■ **Dataset excerpts**:
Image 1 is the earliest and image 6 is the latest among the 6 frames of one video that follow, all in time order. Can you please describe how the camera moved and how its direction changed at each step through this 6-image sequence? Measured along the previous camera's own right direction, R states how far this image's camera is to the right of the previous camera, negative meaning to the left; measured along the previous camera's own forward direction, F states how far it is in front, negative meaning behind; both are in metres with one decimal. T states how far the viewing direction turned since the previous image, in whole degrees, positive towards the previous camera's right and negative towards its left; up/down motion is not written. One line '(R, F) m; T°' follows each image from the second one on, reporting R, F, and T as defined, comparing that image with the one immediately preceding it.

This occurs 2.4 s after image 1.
...
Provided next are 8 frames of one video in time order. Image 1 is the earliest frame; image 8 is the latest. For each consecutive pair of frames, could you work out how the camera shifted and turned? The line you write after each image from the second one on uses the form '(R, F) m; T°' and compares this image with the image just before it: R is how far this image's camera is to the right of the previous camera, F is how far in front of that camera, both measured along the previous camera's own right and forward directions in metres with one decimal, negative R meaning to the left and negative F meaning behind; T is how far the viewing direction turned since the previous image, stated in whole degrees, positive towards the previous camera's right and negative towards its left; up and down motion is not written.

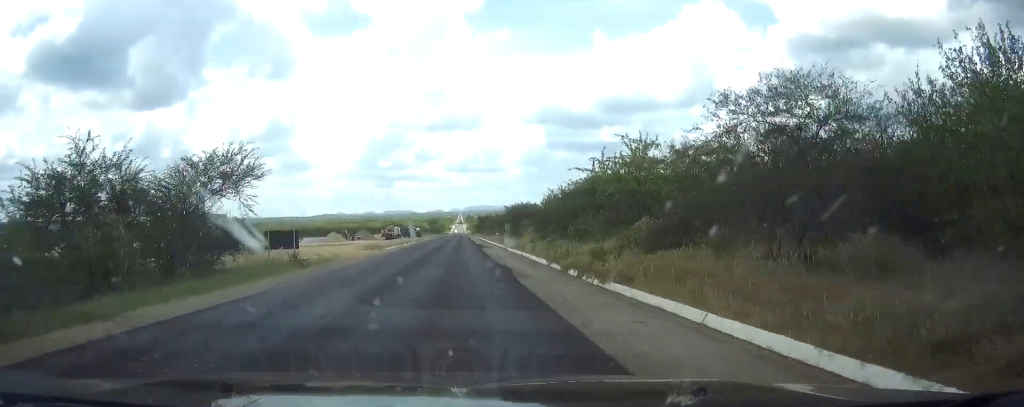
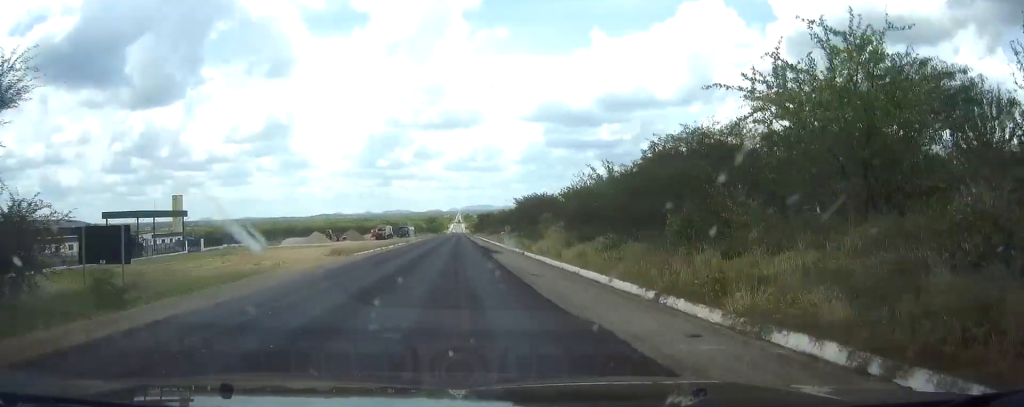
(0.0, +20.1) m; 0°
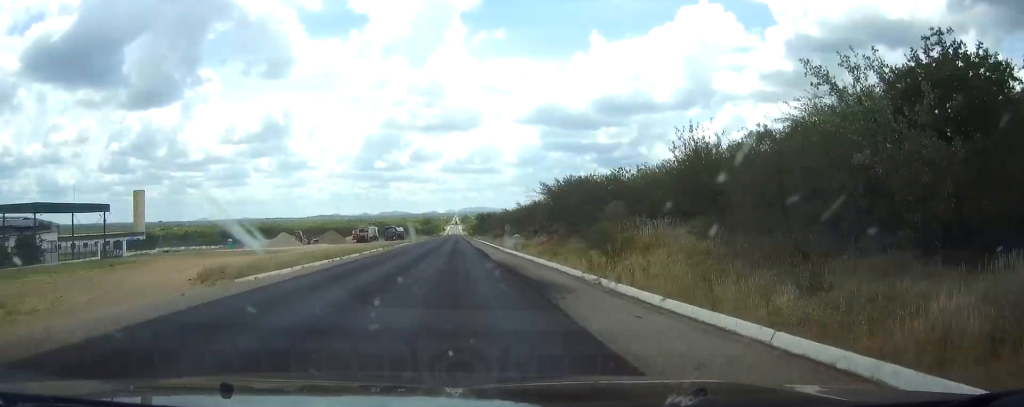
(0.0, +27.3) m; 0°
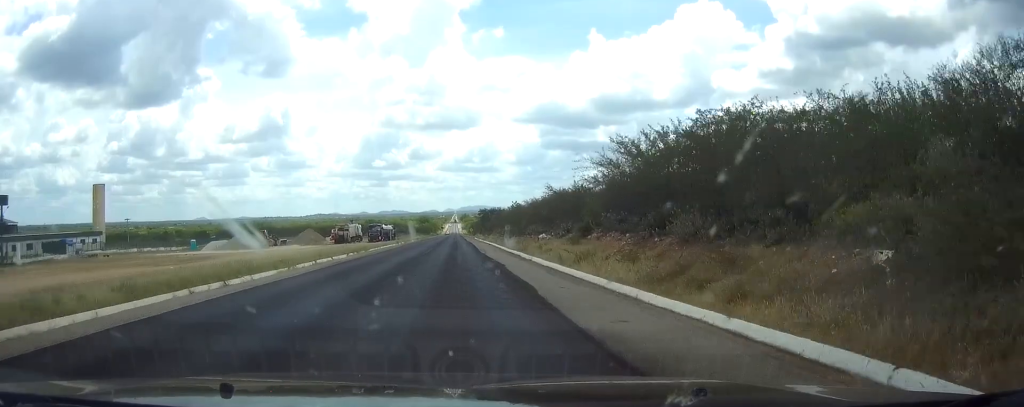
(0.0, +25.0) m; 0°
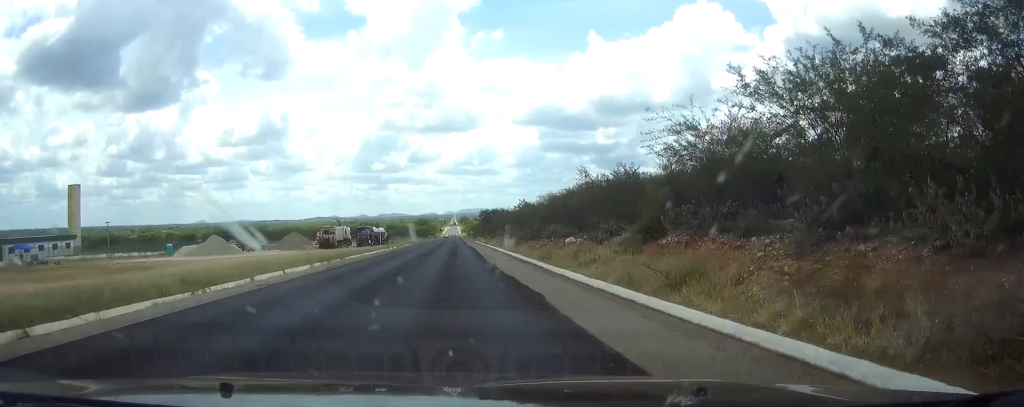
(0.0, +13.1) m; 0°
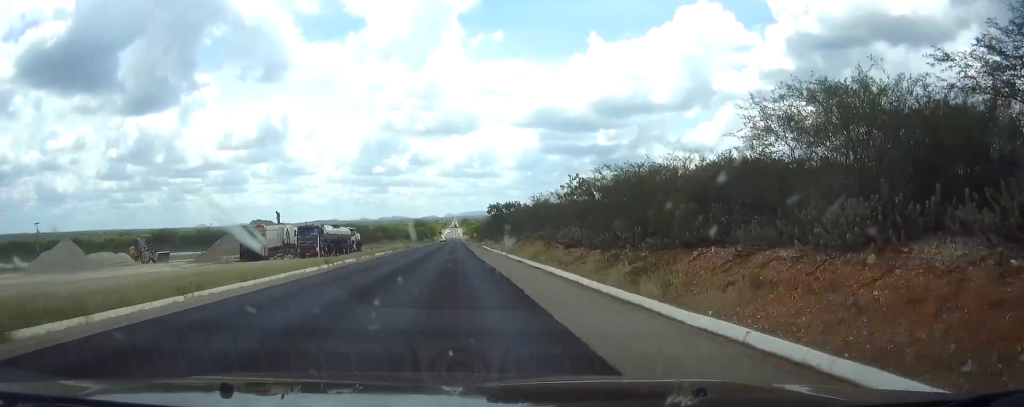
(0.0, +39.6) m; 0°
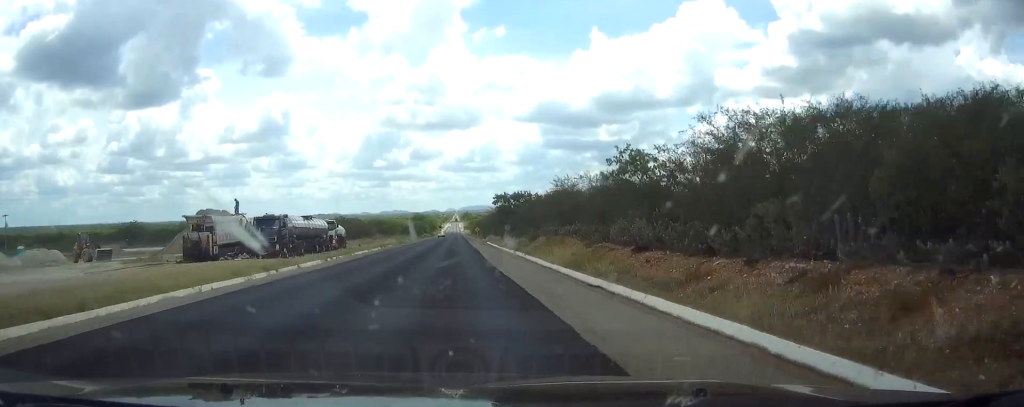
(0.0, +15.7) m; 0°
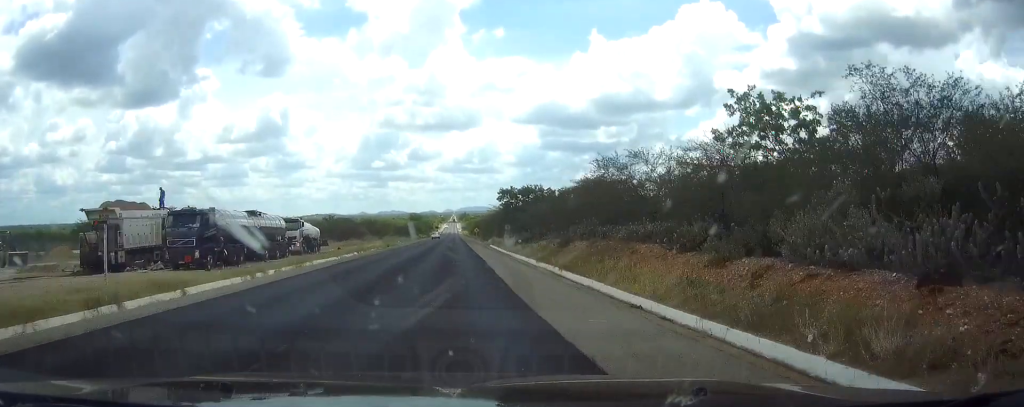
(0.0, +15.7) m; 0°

■ **Exercise**: Reproduce word for word the material above, beginning with the line that contains "Image 1 is the earliest and" and ending with the line that contains "This occurs 2.4 s after image 1.".

■ **Output for this task**:
Image 1 is the earliest and image 6 is the latest among the 6 frames of one video that follow, all in time order. Can you please describe how the camera moved and how its direction changed at each step through this 6-image sequence? Measured along the previous camera's own right direction, R states how far this image's camera is to the right of the previous camera, negative meaning to the left; measured along the previous camera's own forward direction, F states how far it is in front, negative meaning behind; both are in metres with one decimal. T states how far the viewing direction turned since the previous image, in whole degrees, positive towards the previous camera's right and negative towards its left; up/down motion is not written. One line '(R, F) m; T°' follows each image from the second one on, reporting R, F, and T as defined, comparing that image with the one immediately preceding it.

This occurs 2.4 s after image 1.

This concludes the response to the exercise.